§ **Exercise**
Word for word, restate the records from their first line through the line with "ལོགས་རྣམས་ལ་བཀྲ་ཤིས་རྟགས་བརྒྱད། ཞབས་སྲེགས་ལ་པདམ། ཁ་དགབ་", both ends included; omit each picture.
(Information provided)
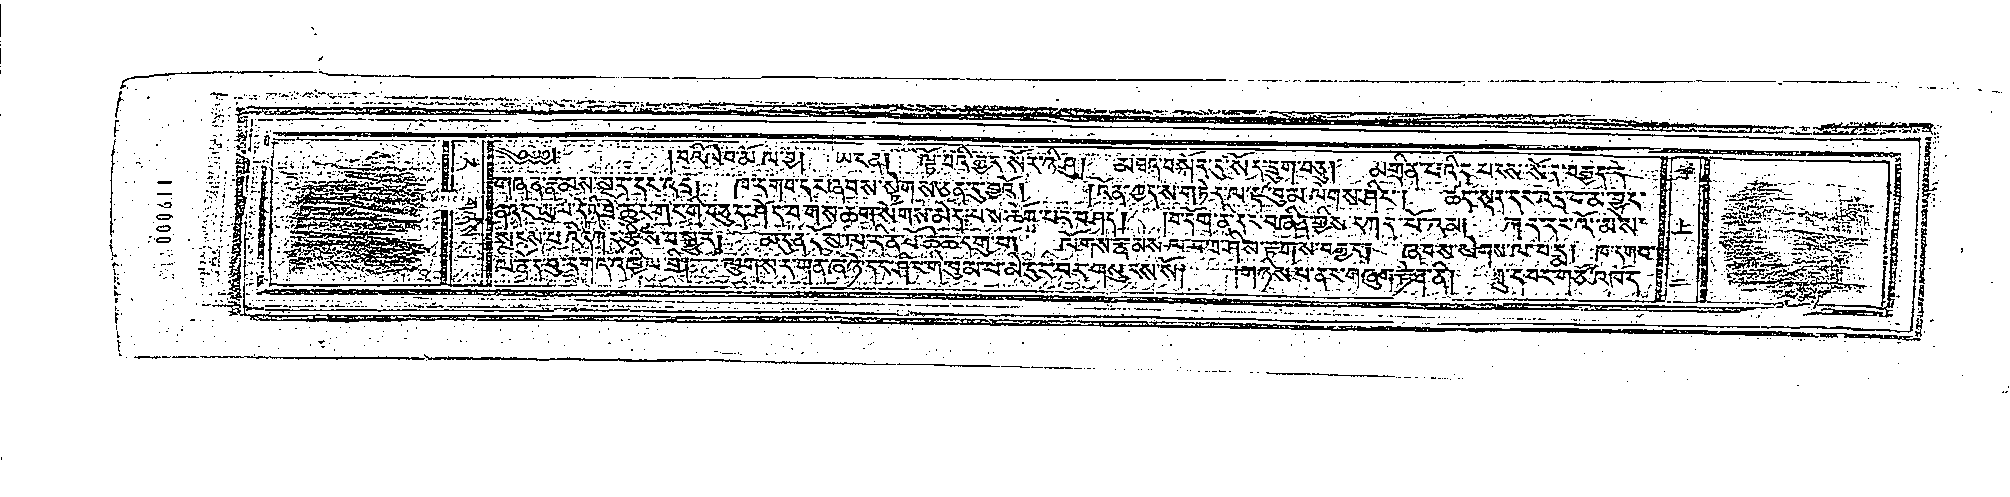༄༅༅། །བའི་ལེབ་མོ་ལ་བྱ། ཡང་ན། ལྟོ་བའི་རྒྱར་སོར་ཉི་ཤུ། མཐའ་བསྐོར་དུ་སོར་དྲུག་བཅུ། མགྲིན་པའི་དཔངས་སོར་བརྒྱད་དེ་
གཞན་རྣམས་སྔར་དང་འདྲ། ཁ་དགབ་དང་ཞབས་སྟེགས་ཅན་དུ་བྱའོ། །འོན་ཀྱང་ས་གཏེར་ལ་རྫ་བུམ་ལེགས་ཤིང་། ཚད་སྔར་དང་འདྲ་བ་མ་བྱུང་
ནའང་ཡུལ་དེའི་བྲེ་ཆུང་གང་གི་བཅུད་ཤོད་བ་གས་ཆག་སོགས་མེད་པས་ཆོག་པར་བཤད། ཁ་དོག་ནི་རང་བཞིན་གྱིས་དཀར་པོ་འམ། ཀར་དང་འོ་མས་
སྤངས་པའི་དཀར་རྩིས་བསྒྱུར། མདུན་དོས་ལ་རིན་པོ་ཆེ་ཆ་དགུ་པ། ལོགས་རྣམས་ལ་བཀྲ་ཤིས་རྟགས་བརྒྱད། ཞབས་སྲེགས་ལ་པདམ། ཁ་དགབ་
ལ་ནོར་བུ་དགའ་འཁྱིལ་བྲི། ལྕགས་ད་གན་ཞ་ཉེ་དང་ཤིང་གི་བུམ་པ་མི་རུང་བར་གསུངས་སོ། །གཉིས་པ་ནང་གཞུག་རྟེན་ནི། ཀླུ་དབང་གཙོ་འཁོར་
(End Information provided)
§ **Answer for this exercise**
༄༅༅། །བའི་ལེབ་མོ་ལ་བྱ། ཡང་ན། ལྟོ་བའི་རྒྱར་སོར་ཉི་ཤུ། མཐའ་བསྐོར་དུ་སོར་དྲུག་བཅུ། མགྲིན་པའི་དཔངས་སོར་བརྒྱད་དེ་
གཞན་རྣམས་སྔར་དང་འདྲ། ཁ་དགབ་དང་ཞབས་སྟེགས་ཅན་དུ་བྱའོ། །འོན་ཀྱང་ས་གཏེར་ལ་རྫ་བུམ་ལེགས་ཤིང་། ཚད་སྔར་དང་འདྲ་བ་མ་བྱུང་
ནའང་ཡུལ་དེའི་བྲེ་ཆུང་གང་གི་བཅུད་ཤོད་བ་གས་ཆག་སོགས་མེད་པས་ཆོག་པར་བཤད། ཁ་དོག་ནི་རང་བཞིན་གྱིས་དཀར་པོ་འམ། ཀར་དང་འོ་མས་
སྤངས་པའི་དཀར་རྩིས་བསྒྱུར། མདུན་དོས་ལ་རིན་པོ་ཆེ་ཆ་དགུ་པ། ལོགས་རྣམས་ལ་བཀྲ་ཤིས་རྟགས་བརྒྱད། ཞབས་སྲེགས་ལ་པདམ། ཁ་དགབ་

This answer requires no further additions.